* Dataset excerpts
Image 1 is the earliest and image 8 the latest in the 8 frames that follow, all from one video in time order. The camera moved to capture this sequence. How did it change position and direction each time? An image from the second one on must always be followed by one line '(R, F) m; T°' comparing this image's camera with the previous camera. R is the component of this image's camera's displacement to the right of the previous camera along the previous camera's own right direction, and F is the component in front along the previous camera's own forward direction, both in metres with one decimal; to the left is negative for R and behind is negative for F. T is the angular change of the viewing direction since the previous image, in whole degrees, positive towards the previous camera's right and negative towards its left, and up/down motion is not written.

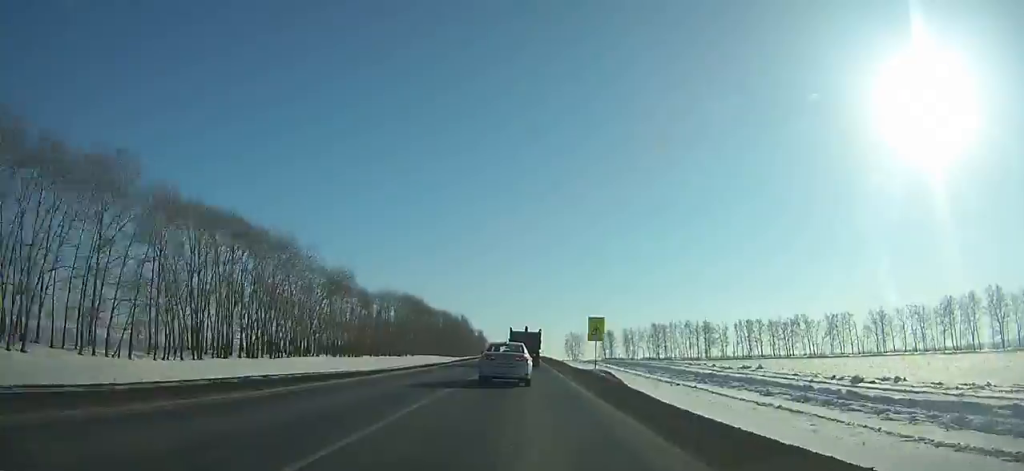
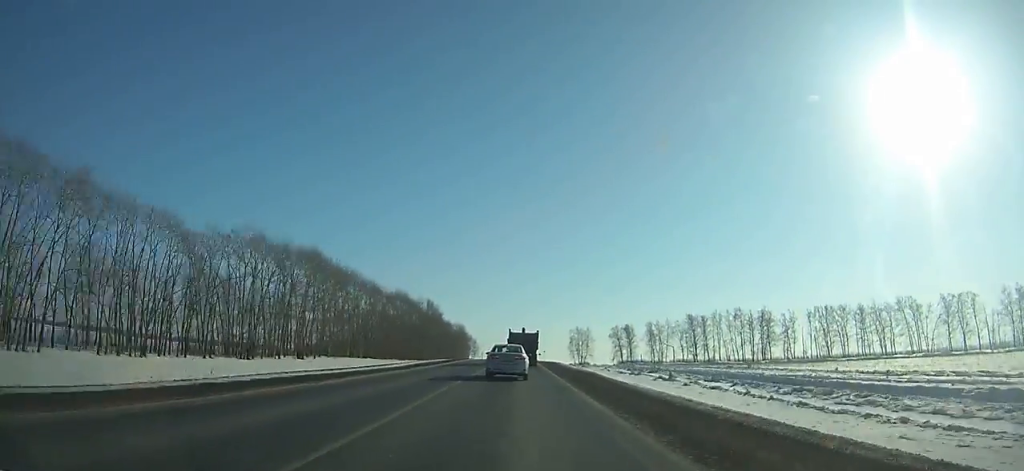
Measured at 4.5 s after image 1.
(+0.5, +78.4) m; +1°
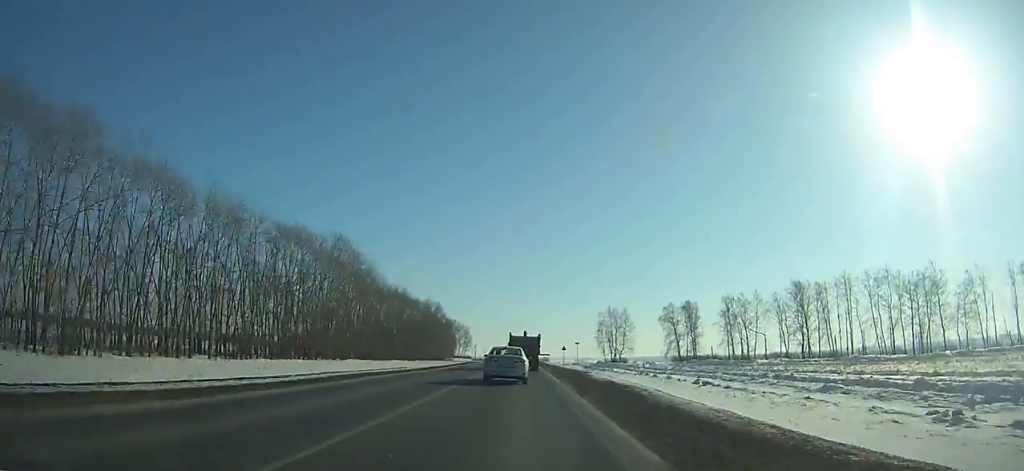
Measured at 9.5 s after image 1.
(0.0, +90.8) m; 0°
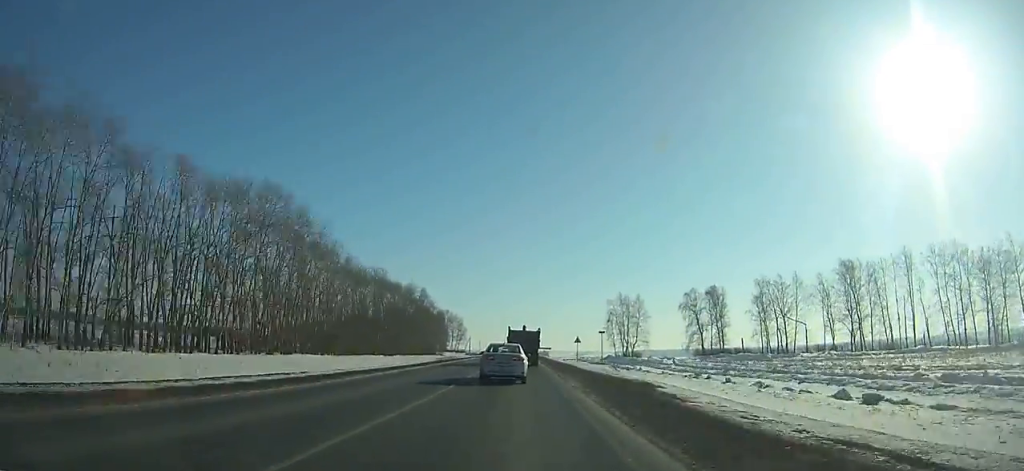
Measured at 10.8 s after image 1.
(-0.1, +24.0) m; 0°
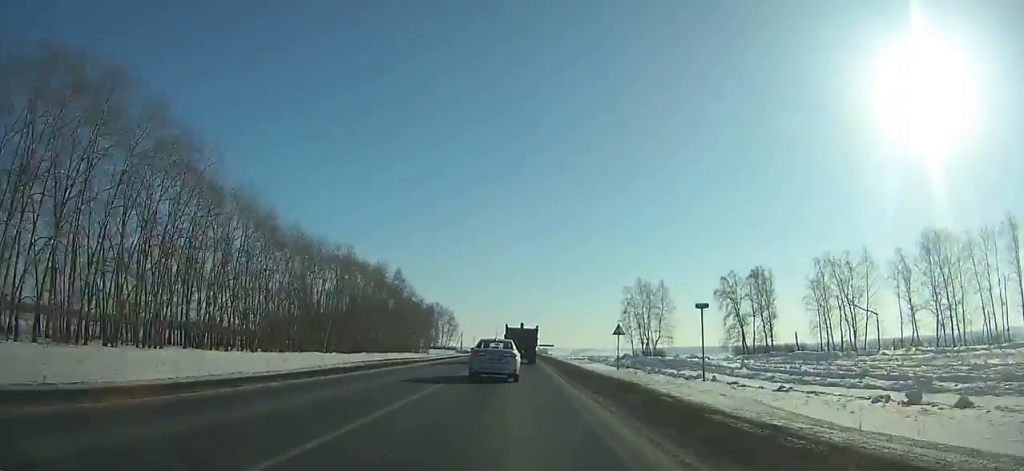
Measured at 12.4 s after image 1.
(0.0, +29.7) m; 0°
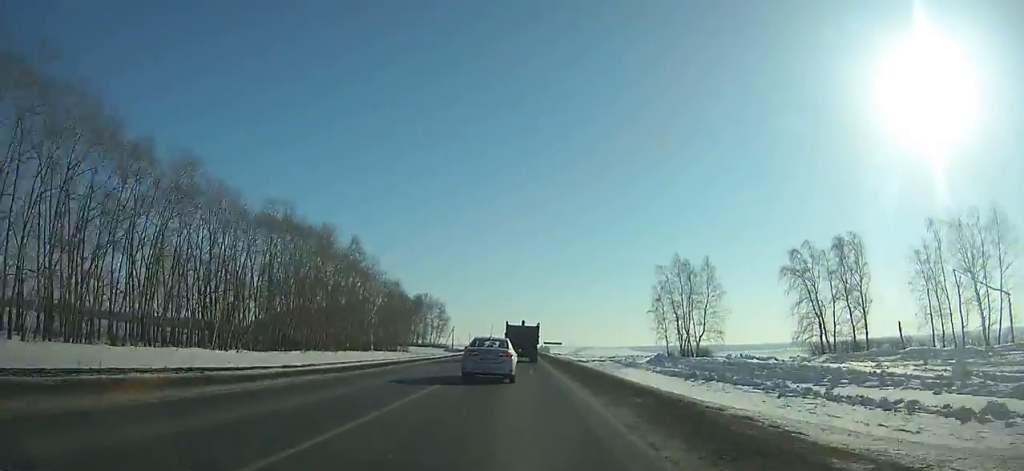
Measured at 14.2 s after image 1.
(0.0, +33.5) m; 0°
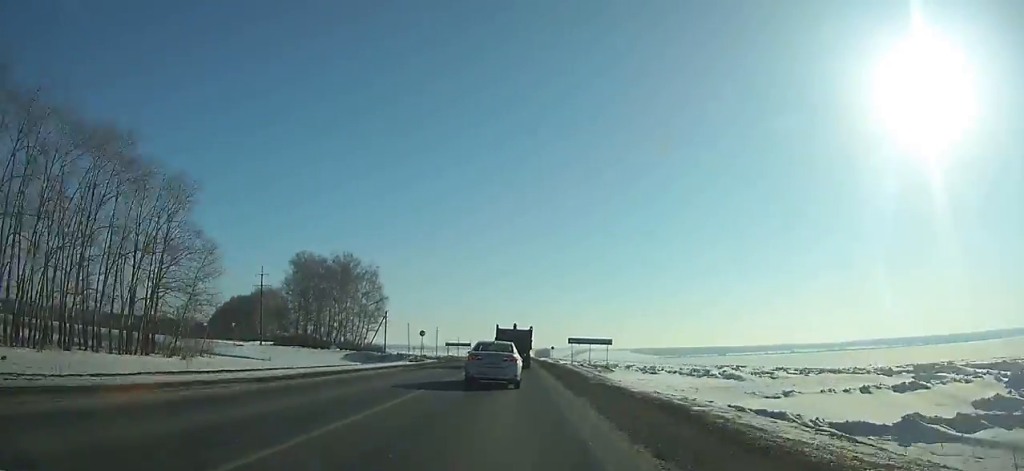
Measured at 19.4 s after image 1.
(-0.1, +96.2) m; 0°
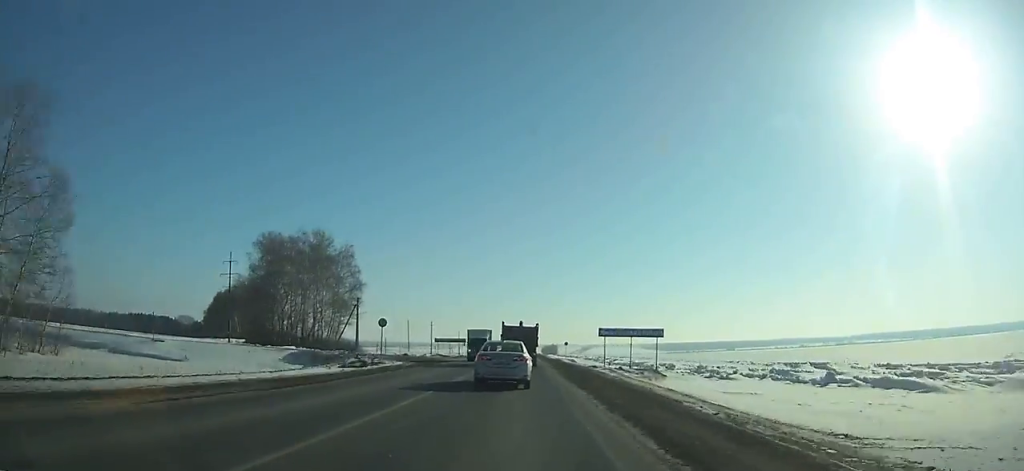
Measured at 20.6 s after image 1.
(0.0, +22.0) m; 0°
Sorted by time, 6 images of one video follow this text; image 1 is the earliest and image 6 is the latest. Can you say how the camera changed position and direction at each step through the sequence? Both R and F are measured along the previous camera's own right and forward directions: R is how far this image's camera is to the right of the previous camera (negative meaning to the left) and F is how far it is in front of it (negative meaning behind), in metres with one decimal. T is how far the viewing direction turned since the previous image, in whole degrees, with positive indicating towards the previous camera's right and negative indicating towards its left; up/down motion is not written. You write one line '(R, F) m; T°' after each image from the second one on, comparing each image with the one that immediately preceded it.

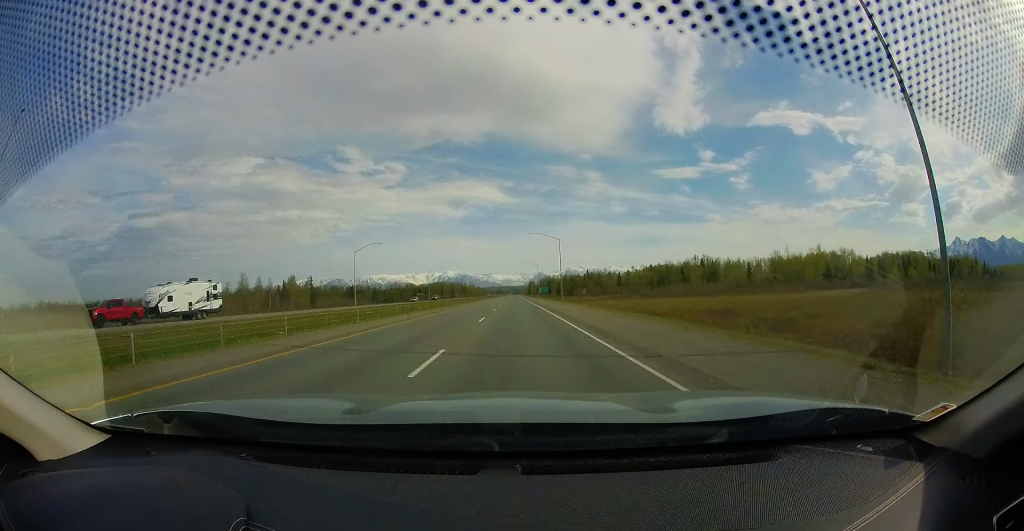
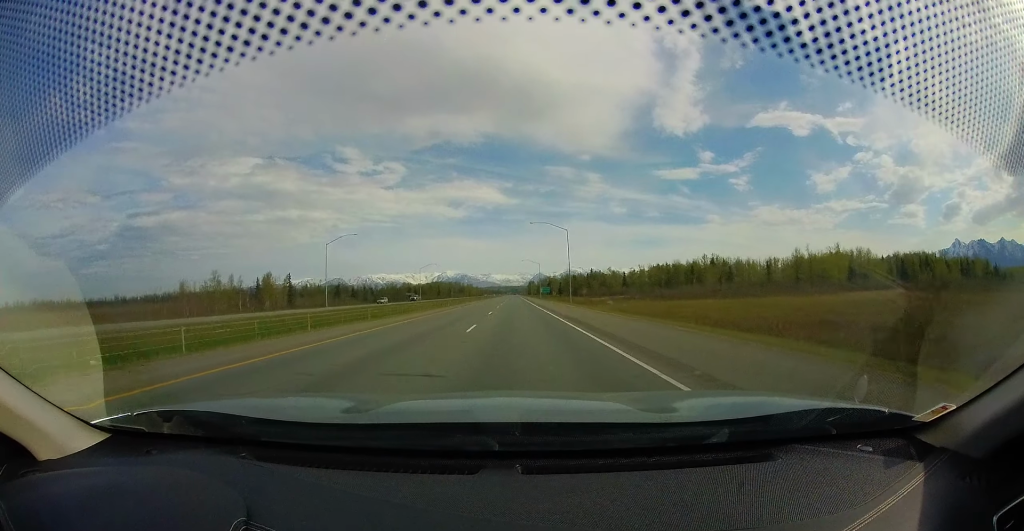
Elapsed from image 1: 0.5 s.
(-0.1, +17.1) m; 0°
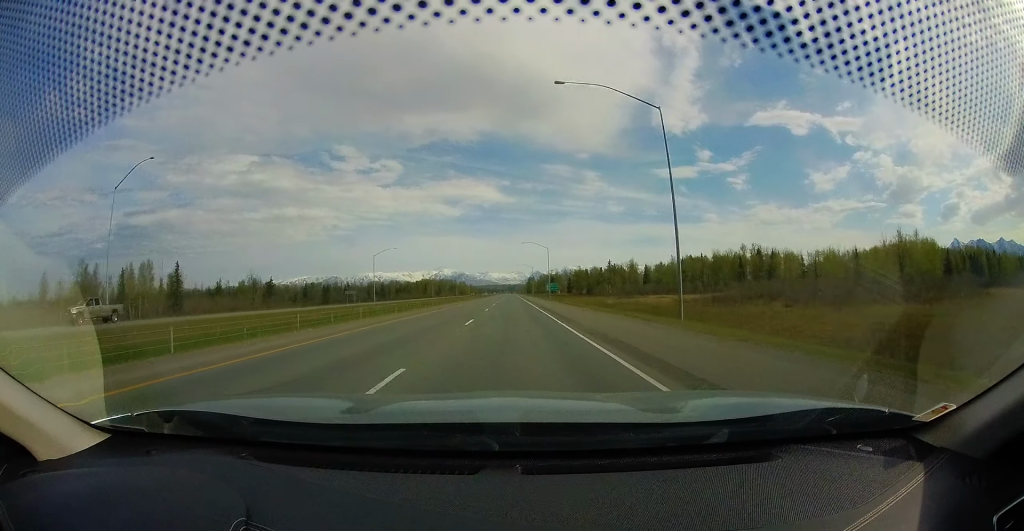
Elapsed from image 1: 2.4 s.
(+0.8, +58.8) m; +1°
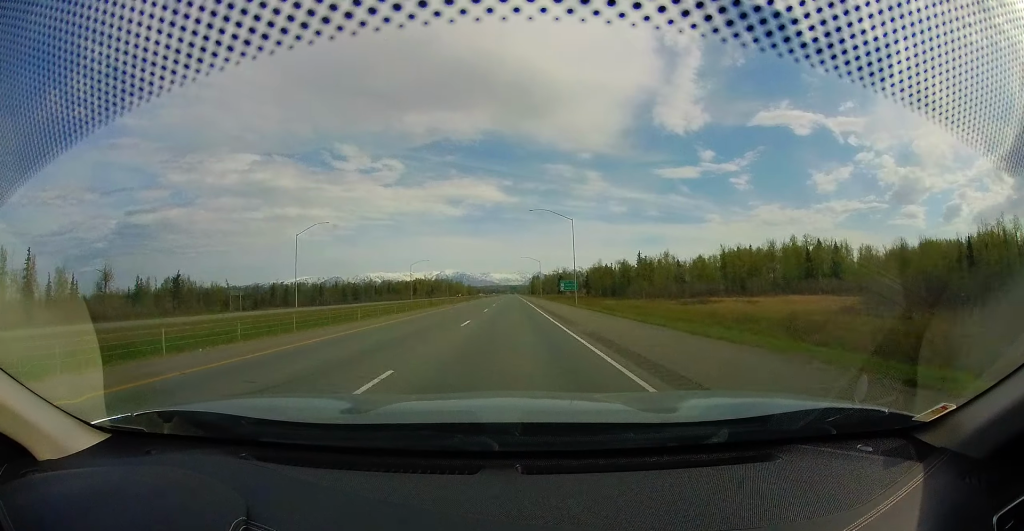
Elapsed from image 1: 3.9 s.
(-0.4, +48.8) m; -1°
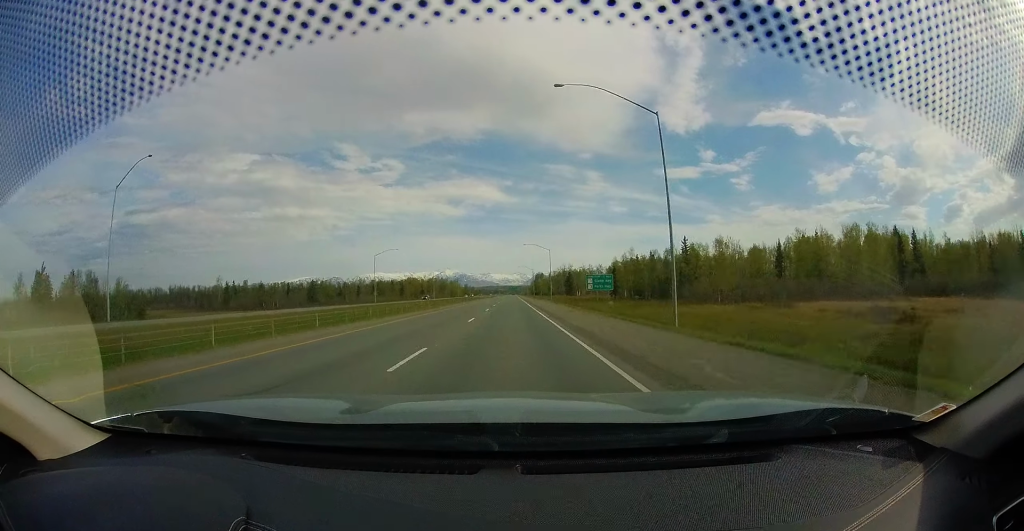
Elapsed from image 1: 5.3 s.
(0.0, +45.5) m; 0°
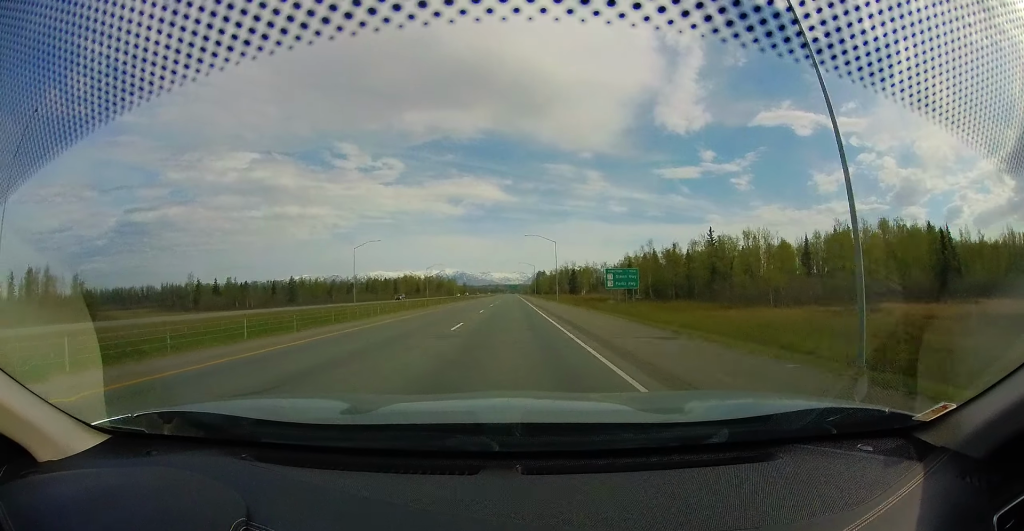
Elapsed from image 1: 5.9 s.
(0.0, +16.9) m; 0°

* WHAT THE TASK REQUIRES
The records above should be retyped in full and exactly; omit the pictures.

* OUTPUT
Image 1 is the earliest and image 8 the latest in the 8 frames that follow, all from one video in time order. The camera moved to capture this sequence. How did it change position and direction each time? An image from the second one on must always be followed by one line '(R, F) m; T°' comparing this image's camera with the previous camera. R is the component of this image's camera's displacement to the right of the previous camera along the previous camera's own right direction, and F is the component in front along the previous camera's own forward direction, both in metres with one decimal; to the left is negative for R and behind is negative for F. T is the angular change of the viewing direction since the previous image, in whole degrees, positive towards the previous camera's right and negative towards its left, and up/down motion is not written.

Measured at 4.5 s after image 1.
(+0.5, +78.4) m; +1°
Measured at 9.5 s after image 1.
(0.0, +90.8) m; 0°
Measured at 10.8 s after image 1.
(-0.1, +24.0) m; 0°
Measured at 12.4 s after image 1.
(0.0, +29.7) m; 0°
Measured at 14.2 s after image 1.
(0.0, +33.5) m; 0°
Measured at 19.4 s after image 1.
(-0.1, +96.2) m; 0°
Measured at 20.6 s after image 1.
(0.0, +22.0) m; 0°
Sorted by time, 6 images of one video follow this text; image 1 is the earliest and image 6 is the latest. Can you say how the camera changed position and direction at each step through the sequence? Both R and F are measured along the previous camera's own right and forward directions: R is how far this image's camera is to the right of the previous camera (negative meaning to the left) and F is how far it is in front of it (negative meaning behind), in metres with one decimal. T is how far the viewing direction turned since the previous image, in whole degrees, with positive indicating towards the previous camera's right and negative indicating towards its left; up/down motion is not written. You write one line '(R, F) m; T°' after each image from the second one on, comparing each image with the one that immediately preceded it.

Elapsed from image 1: 0.5 s.
(-0.1, +17.1) m; 0°
Elapsed from image 1: 2.4 s.
(+0.8, +58.8) m; +1°
Elapsed from image 1: 3.9 s.
(-0.4, +48.8) m; -1°
Elapsed from image 1: 5.3 s.
(0.0, +45.5) m; 0°
Elapsed from image 1: 5.9 s.
(0.0, +16.9) m; 0°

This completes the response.